Üniversite sayısının artırılmasında gösterilen başarı ne yazık ki öğretim üyesi sayısının artırılmasında yakalanamamıştır. Yasal düzenlemelerdeki eksiklikler kullanılarak akademik kadrolar gerekli yeterliliği taşımayan kişilerce doldurulmuş, atama ve yükseltme işlemlerinde haksız uygulamalar meydana gelmiştir. Tüm bu yaşananlar yükseköğretim kalitesini olumsuz etkilemiş ve öğrencilerin bazı yeterlilikleri kazanamadan mezun olmalarına sebep olmuştur (Ölmez-Kıyıcı, 2012: 21). Yeni açılan üniversitelere akademisyen yetiştirme sorununa çözüm için YÖK bazı uygulamalar yürürlüğe koymuştur. Bunlardan birisi de Öğretim Üyesi Yetirme (ÖYP) programlarıdır. Şu bilinmektedir ki bir akademisyenin yetiştirilip akademik anlamda yetkinliğe ve olgunluğa kavuşması uzun bir zaman dilimini gerektirmektedir. Bu nedenle yeni açılan üniversitelerin akademik personel ihtiyacı kısa vadede aşılacak bir sorun değildir.

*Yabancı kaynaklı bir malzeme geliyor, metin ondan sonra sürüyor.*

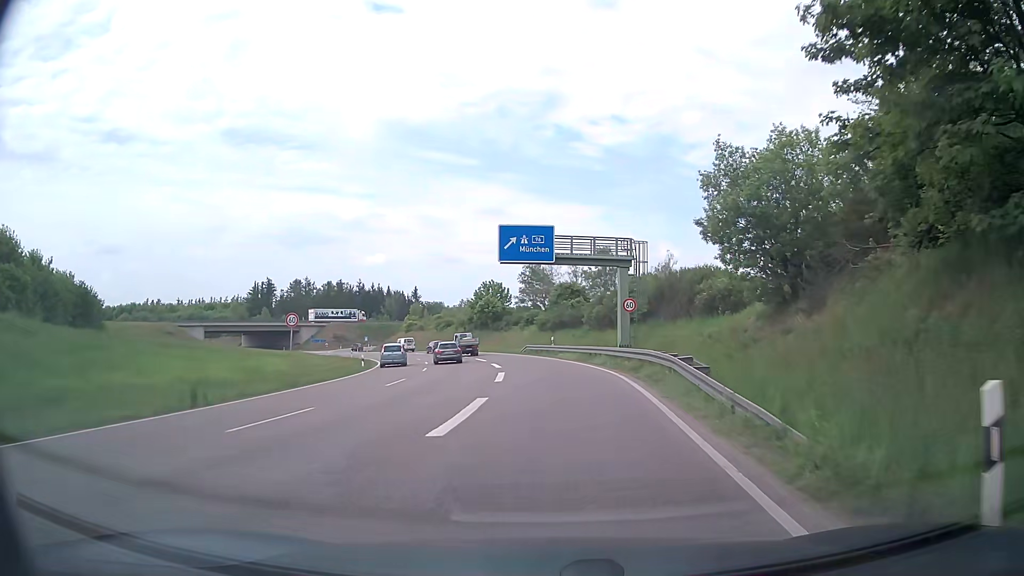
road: trunk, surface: asphalt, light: Day
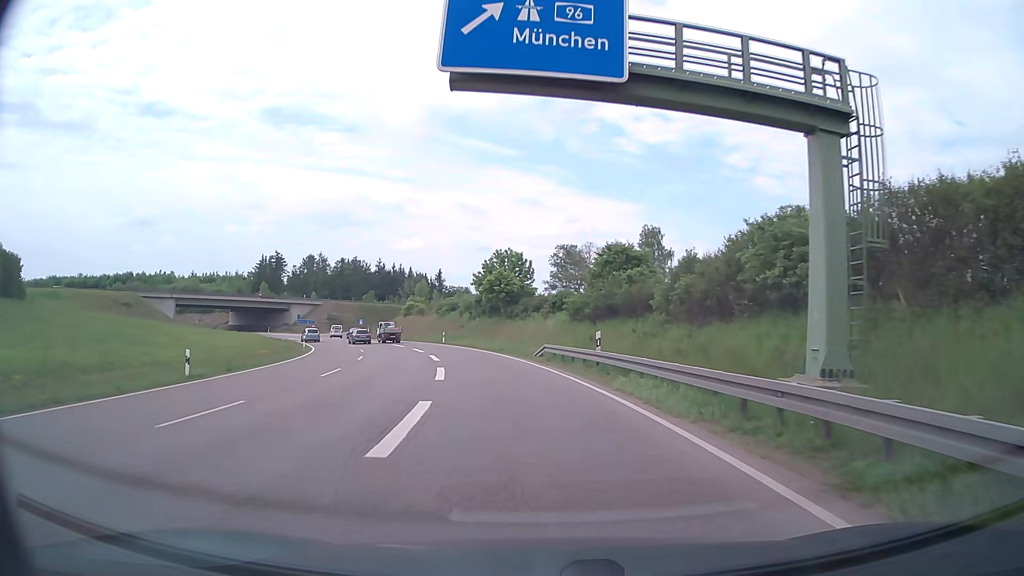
(+0.3, +26.2) m; -2°
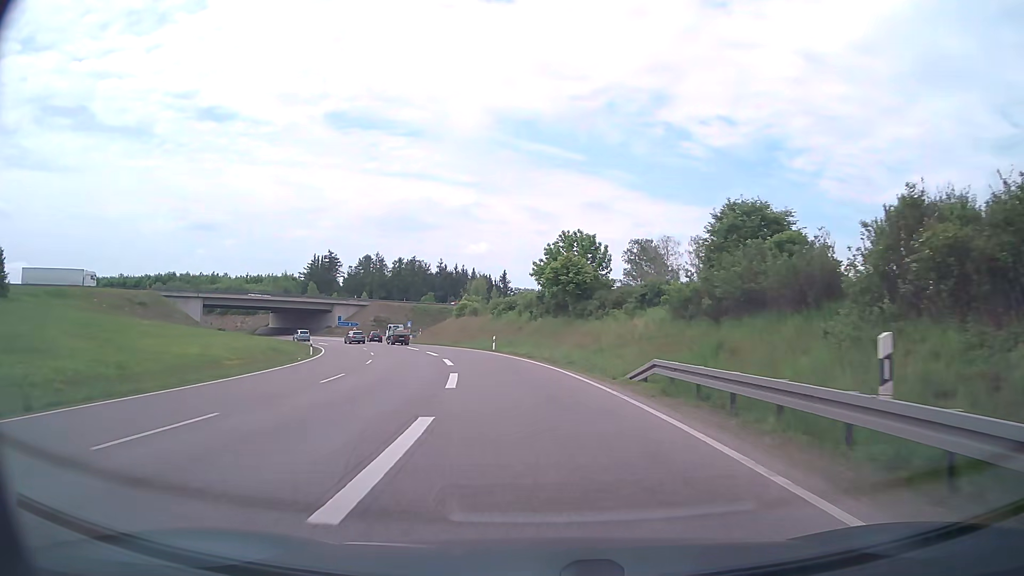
(-0.7, +14.7) m; -6°
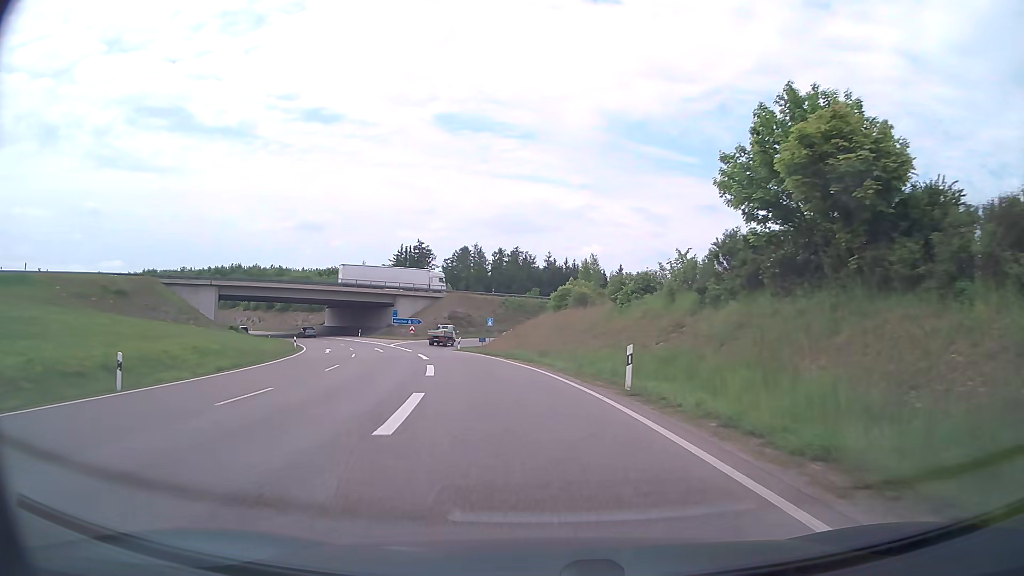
(-2.6, +32.3) m; -9°
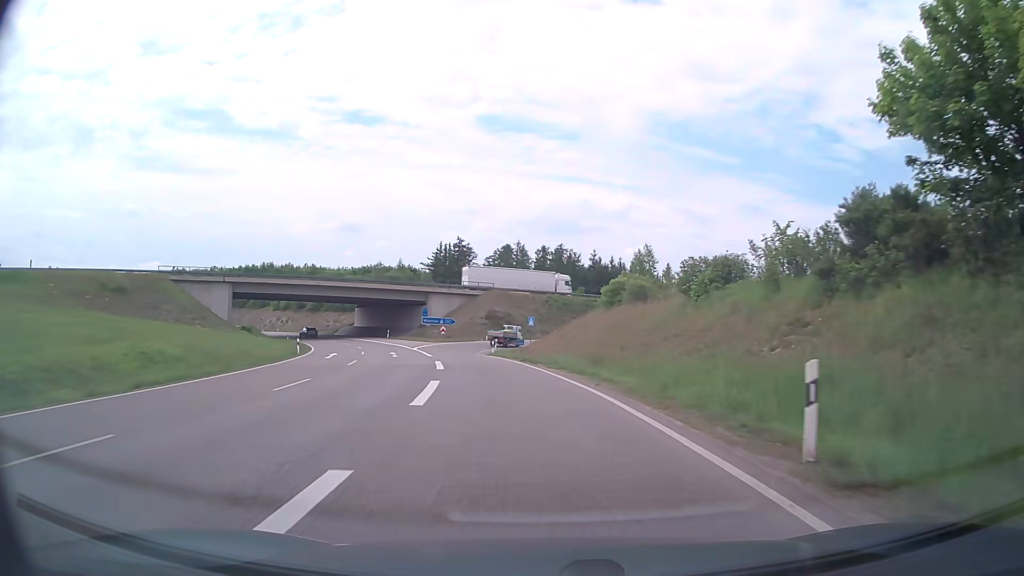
(-0.3, +8.6) m; -4°
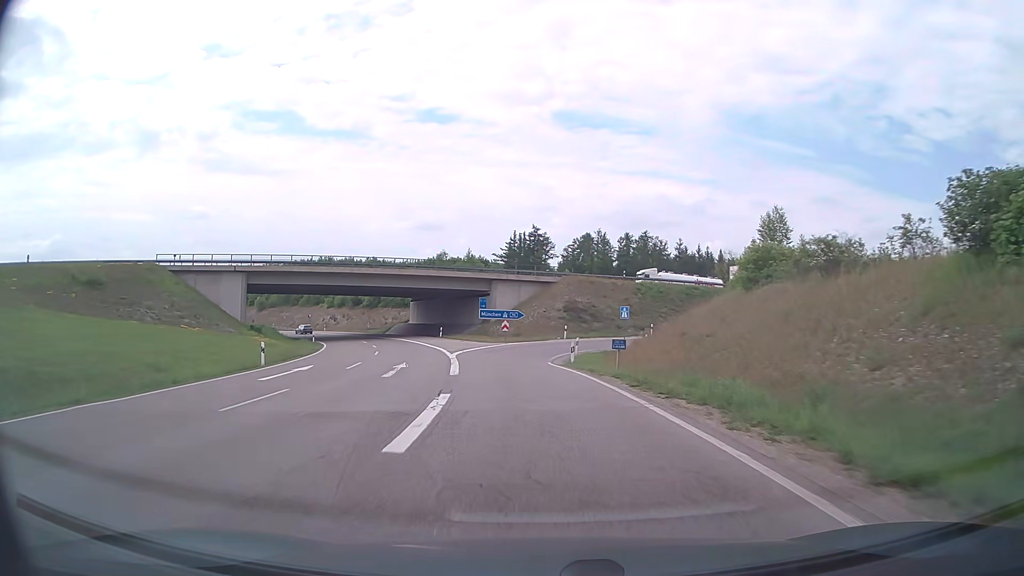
(-1.1, +17.2) m; -7°
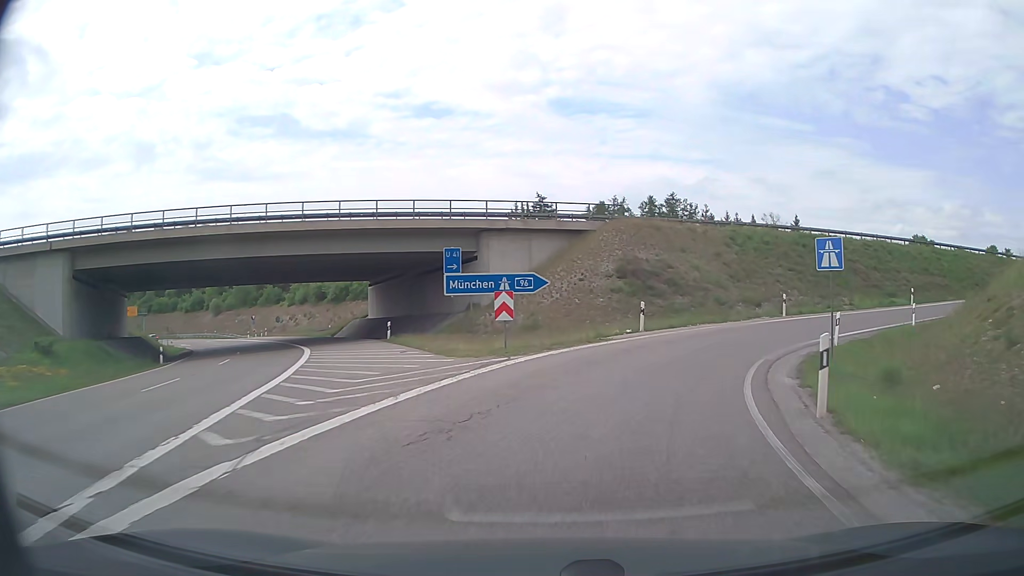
(-1.9, +31.0) m; -2°
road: motorway_link
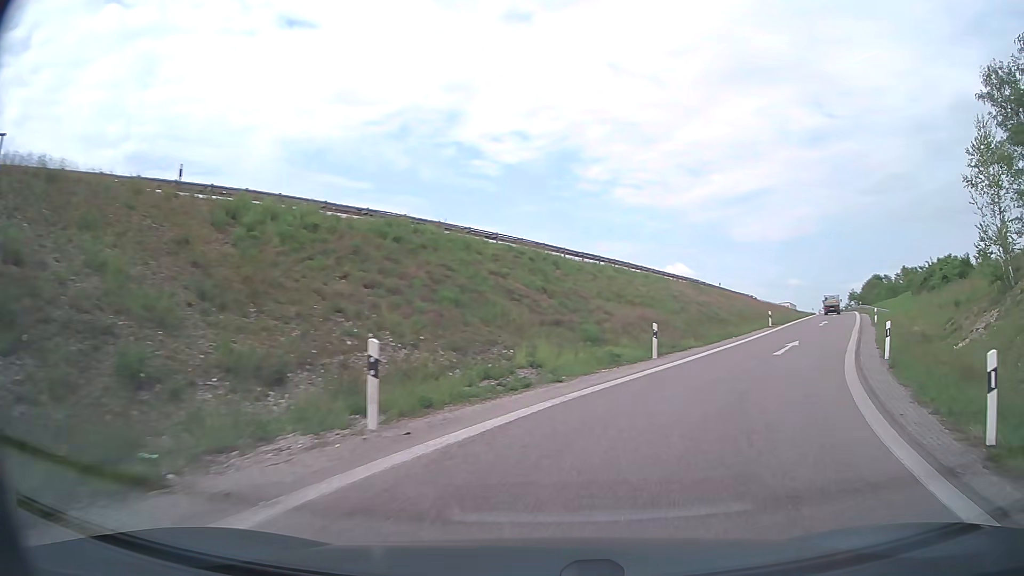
(+7.6, +25.1) m; +37°
(+2, +10) (+6, +19) (+11, +28) (+16, +36) (+21, +45) (+25, +54) (+30, +63) (+35, +71) (+39, +80) (+44, +89) m
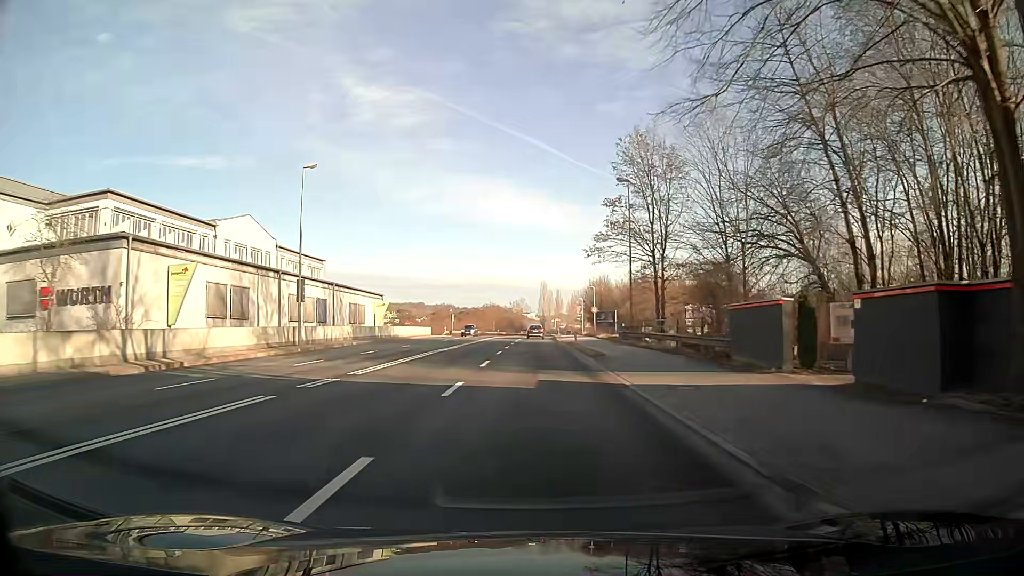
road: primary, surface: asphalt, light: Day
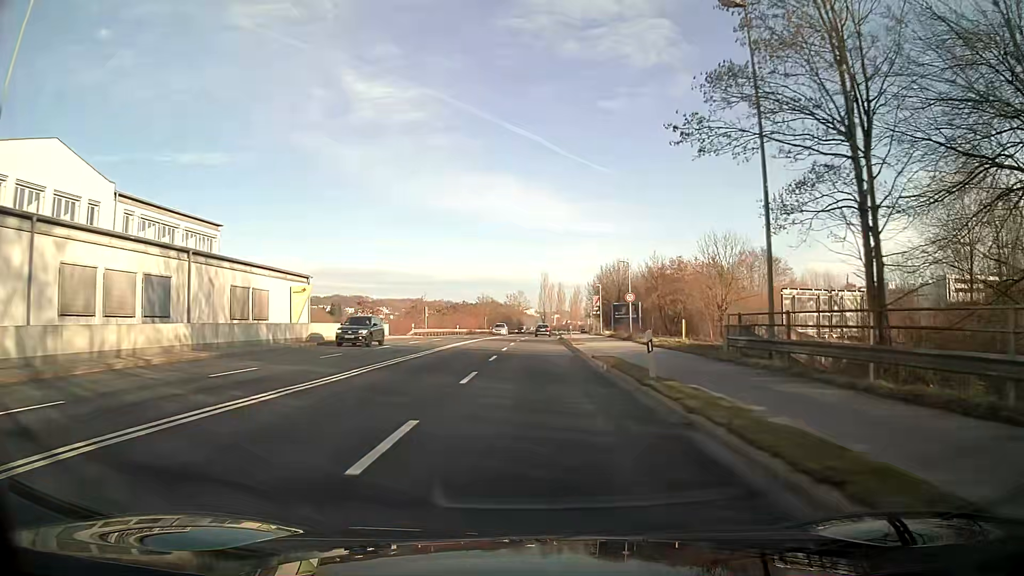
(+0.1, +24.8) m; +1°
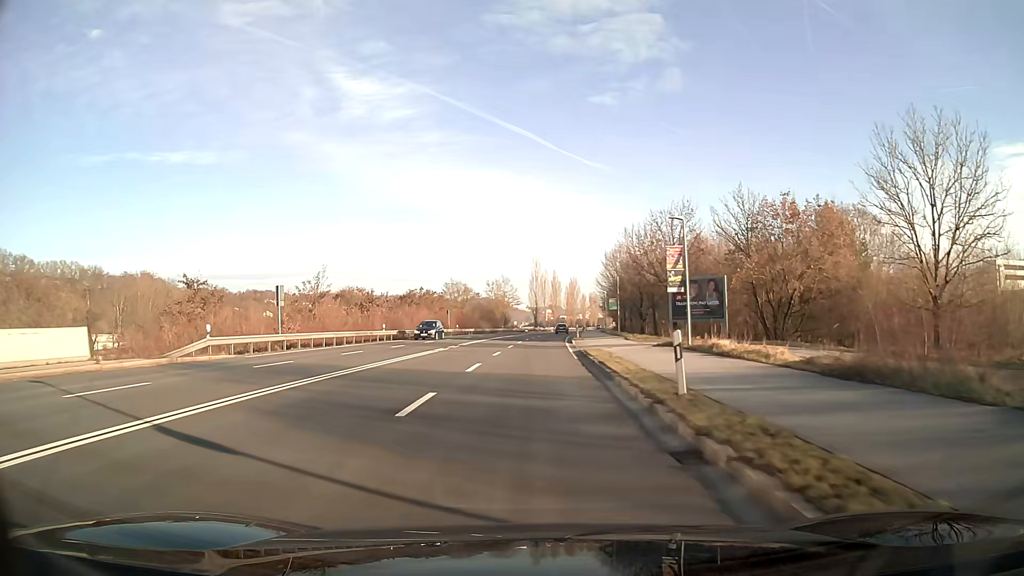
(+0.4, +41.7) m; +1°
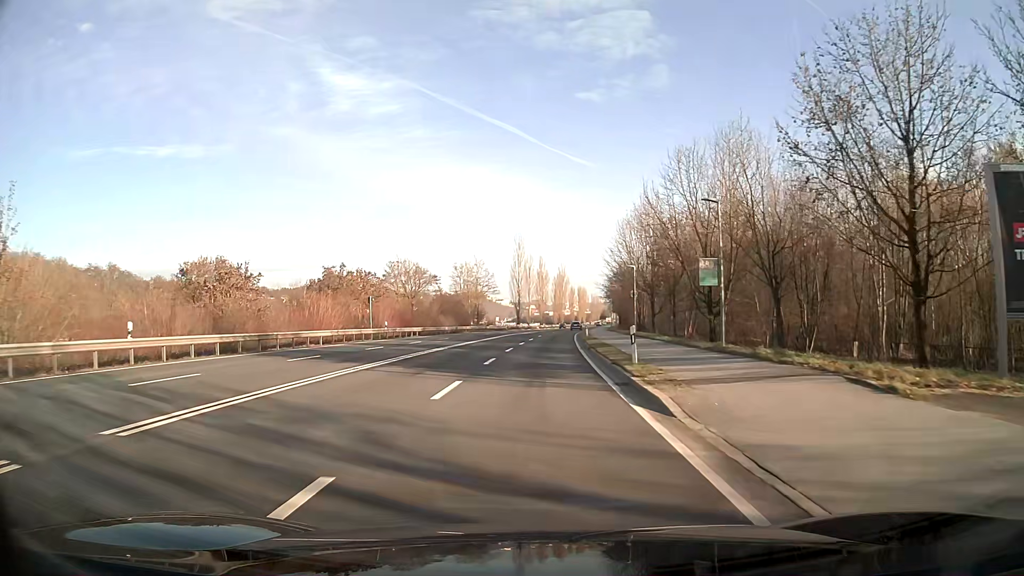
(+0.3, +33.9) m; +1°
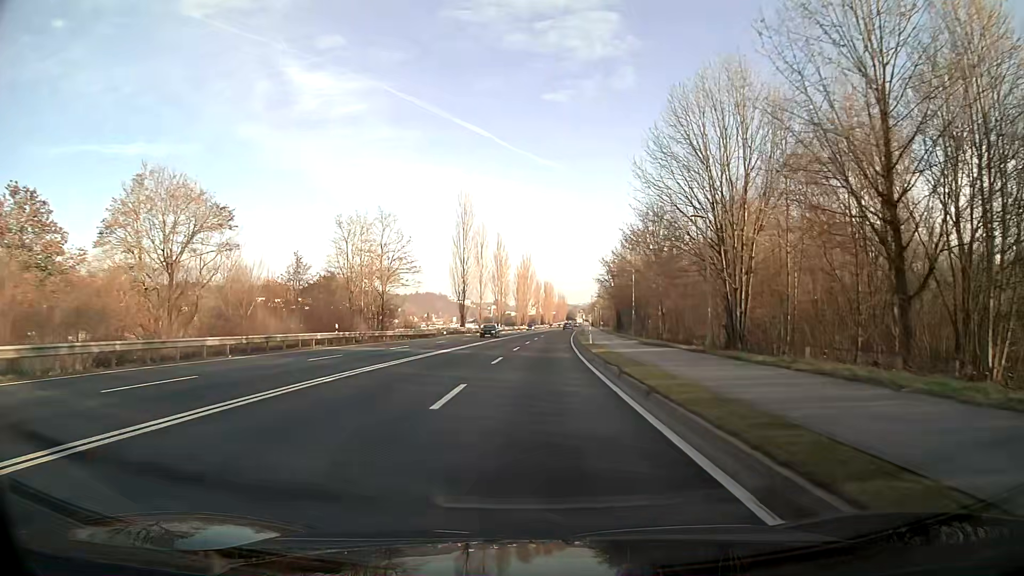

Üniversitelerimizin yaşadığı sorunlardan birisini de özerklik konusu oluşturmaktadır. Özerklik stratejik amaçları belirleme, akademisyenlerin seçiminde ölçütler belirleme, toplumun farklı kesimleriyle özgürce etkileşim, gelir kaynaklarını sağlama, araştırma içerik ve yöntemlerine karar verme konularını kapsamaktadır (Küçükcan ve Gür, 2009:49). Türkiye’de üniversitelere devletin getirdiği bağlayıcı düzenlemeler kurumsal işleyişte bazı sınırlamalarla karşılaşılmasına sebep olmaktadır. Sadece akademik yapının ve ders içeriklerinin hazırlanması, akademik personelin işten çıkarılması ve öğrenci kayıtlarına karar verilmesi noktalarında kısmi özerkliğe sahip olan Türkiye yükseköğretimi, 2003 yılında özerklik konusunda oldukça alt sıralarda derecelendirilmiştir (TÜSİAD, 2008: 18). Vakıf ve devlet üniversitelerinin özerklik konusundaki karşılaştırması yapılırsa vakıf üniversitelerinin daha avantajlı olduğu görülmektedir. YÖK’ün mevcut görev ve sorumlulukları itibariyle üniversite özerkliğinin önündeki en önemli engel olduğu belirtilmektedir.

109

Üniversiteyi yönetecek rektör seçimi de mevcut sistemin sorunlu yönlerindendir. Devlet üniversitelerinde rektörlük için yapılan seçimde en çok oy alan 6 aday arasından 3 kişinin ismi YÖK tarafından belirlenerek cumhurbaşkanlığına gönderilmektedir. YÖK, bazı üniversitelerde aday sıralarını belirlerken en çok oy alan kimi adayları ikinci veya üçüncü sıraya indirerek daha az oy alanları liste başı yapmış veya cumhurbaşkanına gönderilen 3 kişilik listede onlara yer vermemiştir. Durumun daha tehlikeli boyutu seçilen rektörün kendisine oy vermeyen dekan veya yöneticileri görevden alarak bir nevi cezalandırma yoluna gitmesidir (Doğramacı, 2007: 27). Bu durum bilim adamları arasında ayrılıkların, kamplaşmanın ve düşmanlığın oluşmasına zemin oluşturarak onların enerjilerini boşa harcamalarına sebep olabilmektedir.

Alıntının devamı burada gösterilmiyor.